───── Data shown
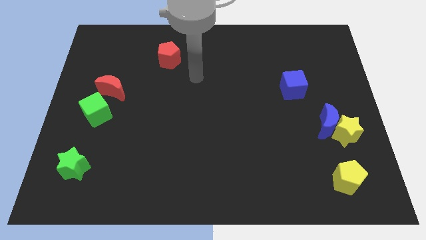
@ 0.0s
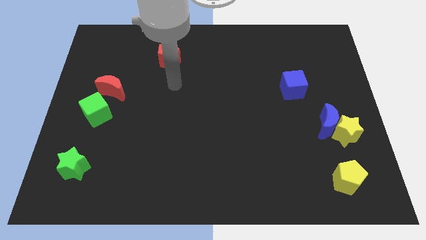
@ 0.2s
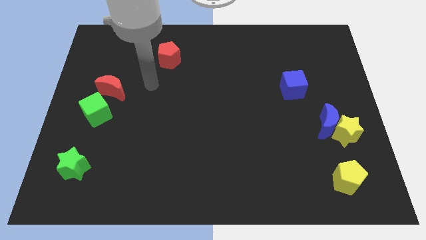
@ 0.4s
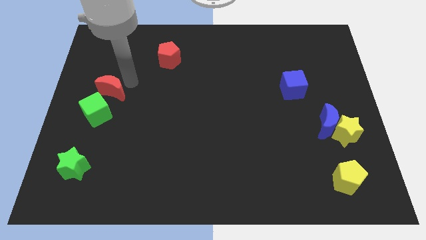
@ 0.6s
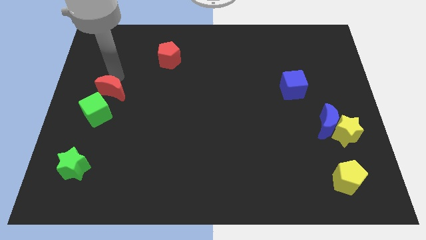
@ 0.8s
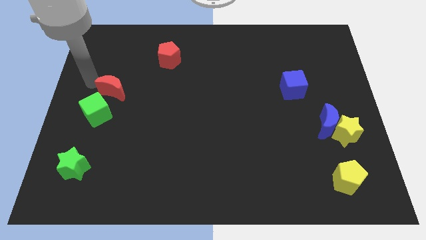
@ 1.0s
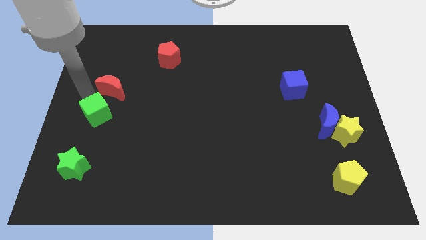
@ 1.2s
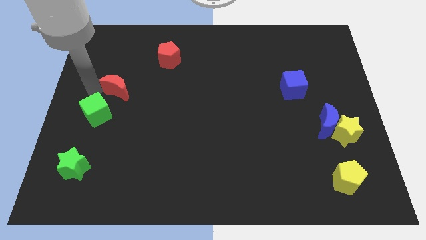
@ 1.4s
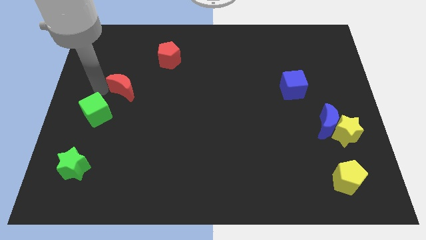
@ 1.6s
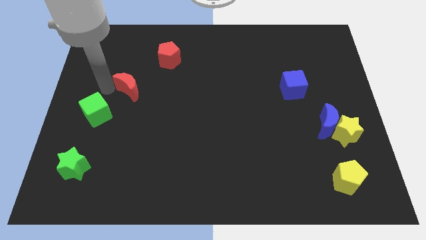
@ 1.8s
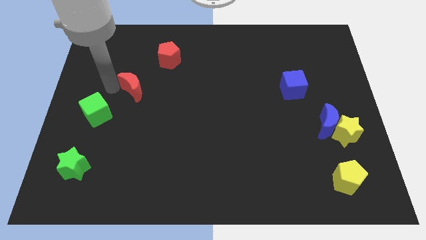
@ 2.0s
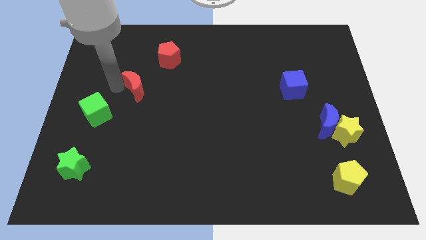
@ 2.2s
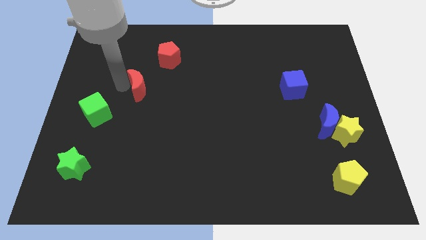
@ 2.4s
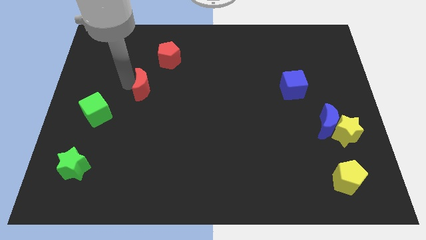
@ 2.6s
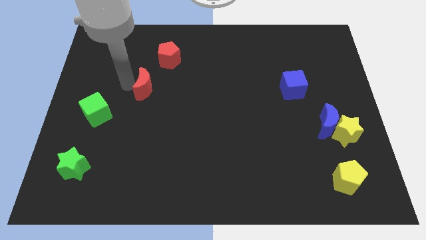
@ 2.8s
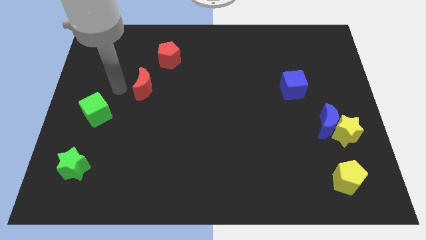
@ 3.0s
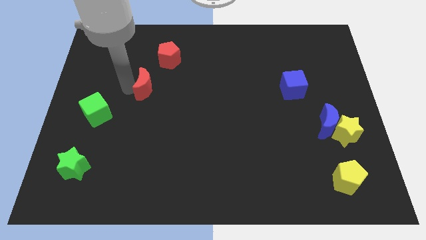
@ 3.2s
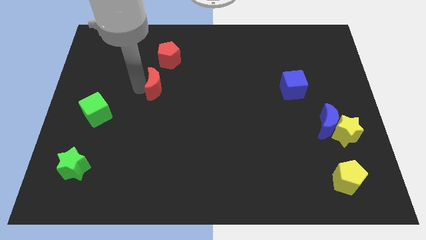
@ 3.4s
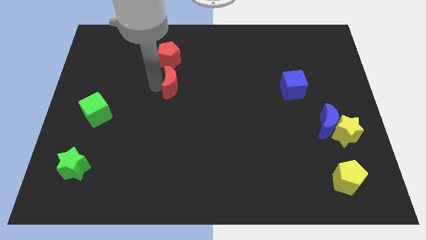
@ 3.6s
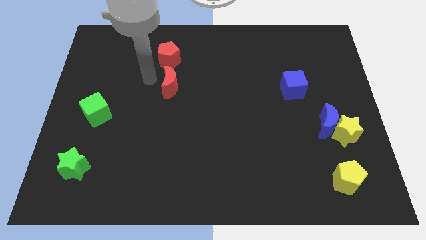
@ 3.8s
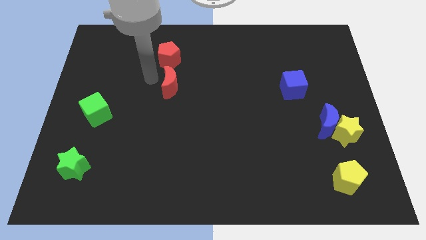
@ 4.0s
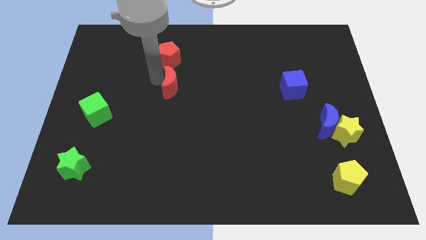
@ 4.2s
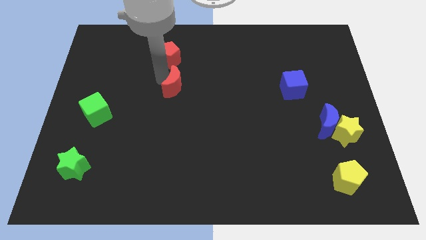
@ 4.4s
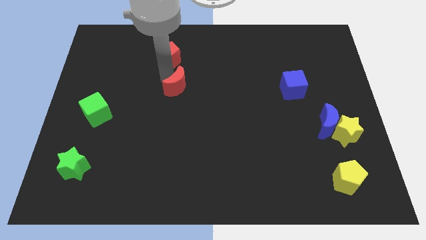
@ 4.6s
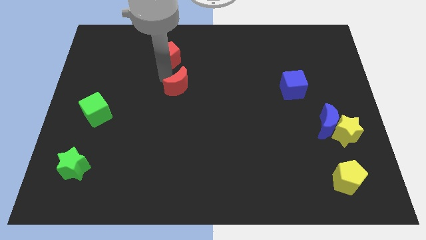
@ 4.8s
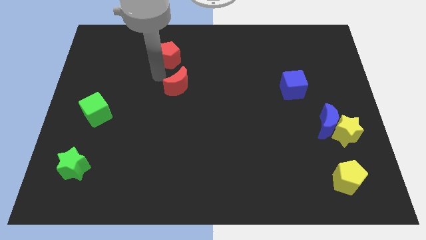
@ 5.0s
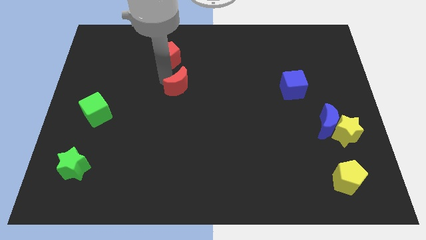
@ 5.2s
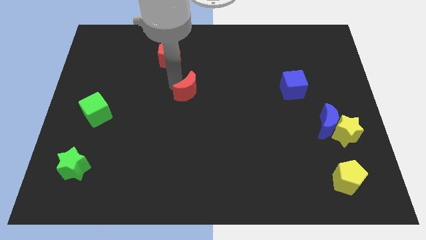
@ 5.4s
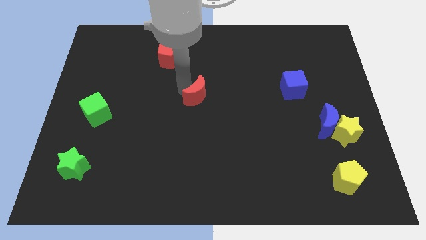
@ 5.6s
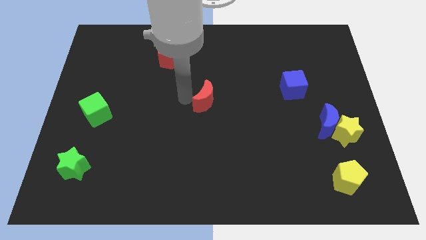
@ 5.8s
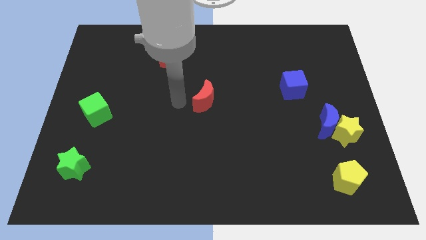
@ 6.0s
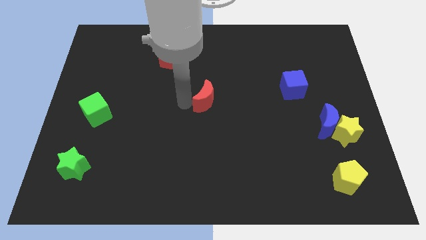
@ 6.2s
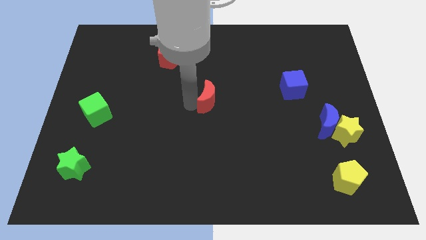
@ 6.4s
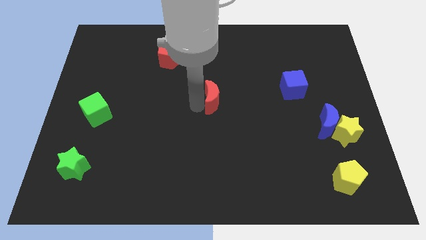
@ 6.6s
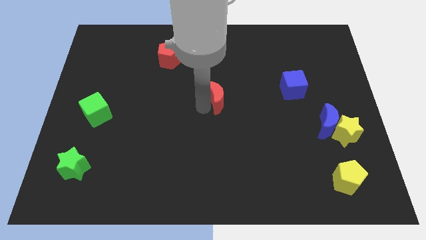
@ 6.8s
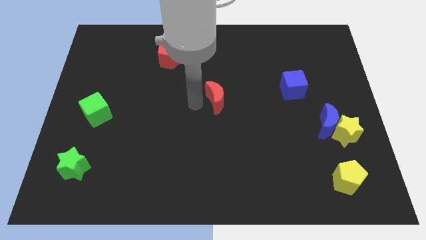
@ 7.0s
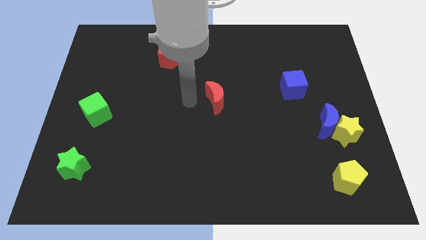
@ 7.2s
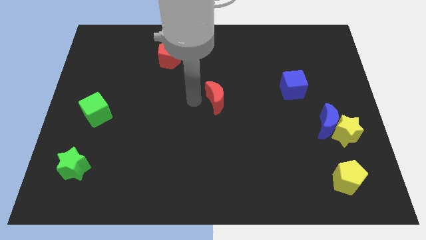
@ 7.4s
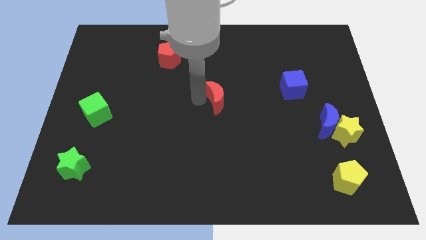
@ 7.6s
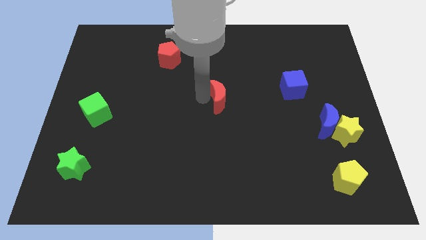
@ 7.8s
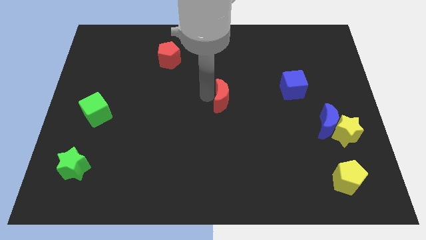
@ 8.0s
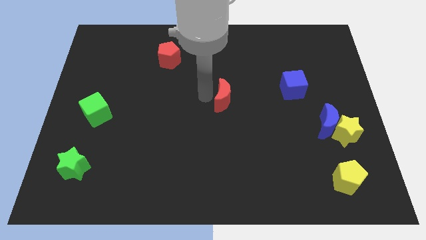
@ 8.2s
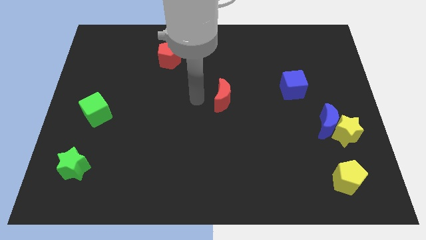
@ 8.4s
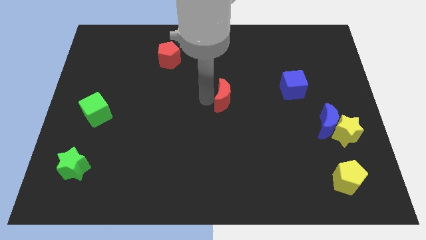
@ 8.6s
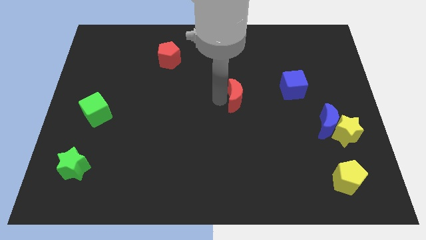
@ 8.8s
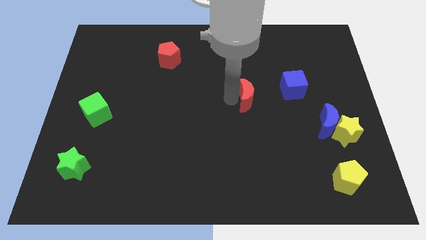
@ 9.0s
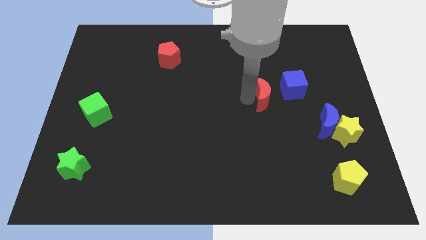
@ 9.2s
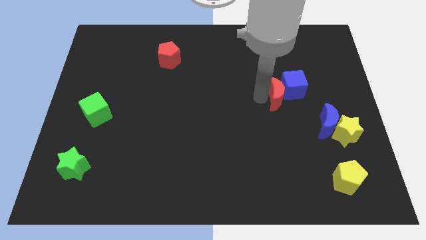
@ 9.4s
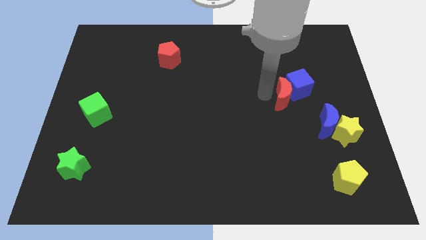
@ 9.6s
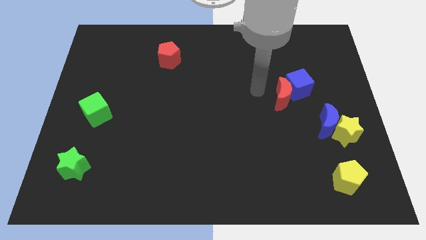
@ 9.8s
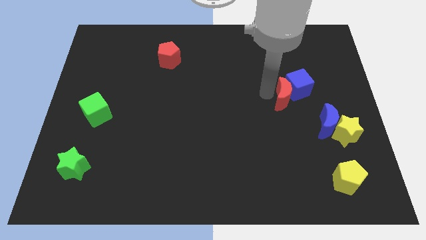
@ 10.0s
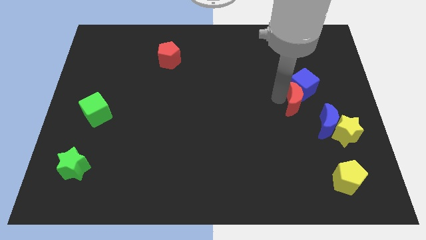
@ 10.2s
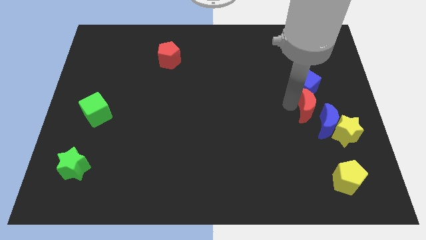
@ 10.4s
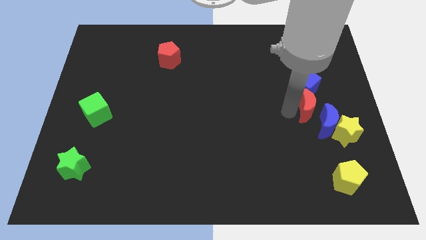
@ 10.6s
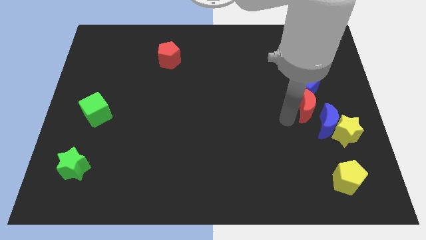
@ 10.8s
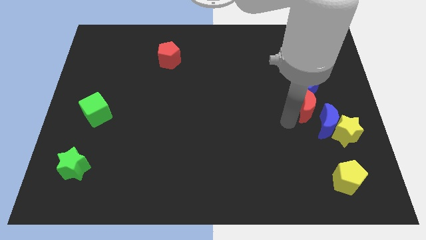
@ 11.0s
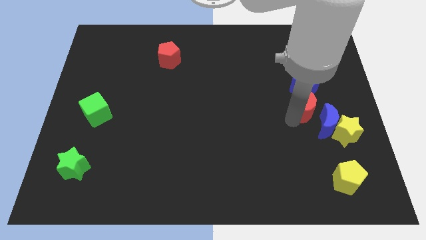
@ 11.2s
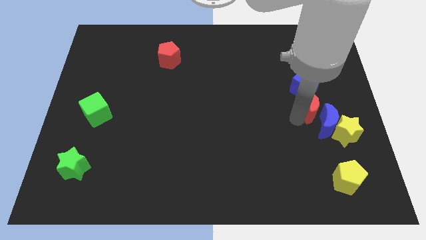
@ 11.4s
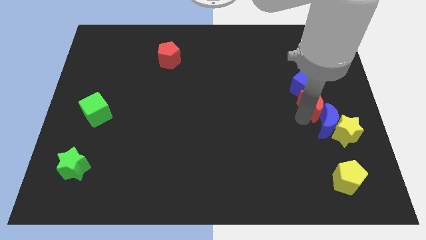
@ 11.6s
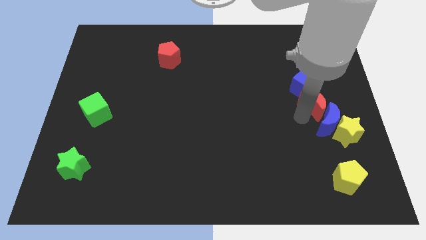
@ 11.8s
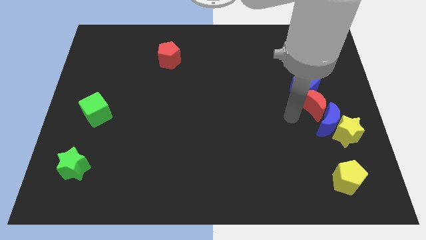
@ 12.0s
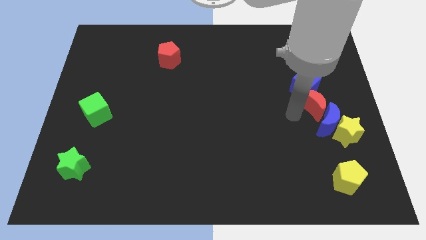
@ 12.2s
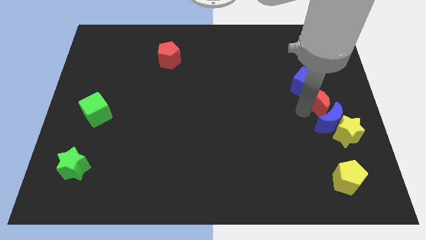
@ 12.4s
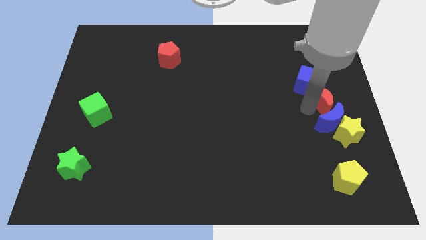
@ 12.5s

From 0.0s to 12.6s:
push the red moon to the right side
──────────
The records are to be returned word for word, without any of their pictures.

* _Output_:
@ 0.0s
@ 0.2s
@ 0.4s
@ 0.6s
@ 0.8s
@ 1.0s
@ 1.2s
@ 1.4s
@ 1.6s
@ 1.8s
@ 2.0s
@ 2.2s
@ 2.4s
@ 2.6s
@ 2.8s
@ 3.0s
@ 3.2s
@ 3.4s
@ 3.6s
@ 3.8s
@ 4.0s
@ 4.2s
@ 4.4s
@ 4.6s
@ 4.8s
@ 5.0s
@ 5.2s
@ 5.4s
@ 5.6s
@ 5.8s
@ 6.0s
@ 6.2s
@ 6.4s
@ 6.6s
@ 6.8s
@ 7.0s
@ 7.2s
@ 7.4s
@ 7.6s
@ 7.8s
@ 8.0s
@ 8.2s
@ 8.4s
@ 8.6s
@ 8.8s
@ 9.0s
@ 9.2s
@ 9.4s
@ 9.6s
@ 9.8s
@ 10.0s
@ 10.2s
@ 10.4s
@ 10.6s
@ 10.8s
@ 11.0s
@ 11.2s
@ 11.4s
@ 11.6s
@ 11.8s
@ 12.0s
@ 12.2s
@ 12.4s
@ 12.5s

From 0.0s to 12.6s:
push the red moon to the right side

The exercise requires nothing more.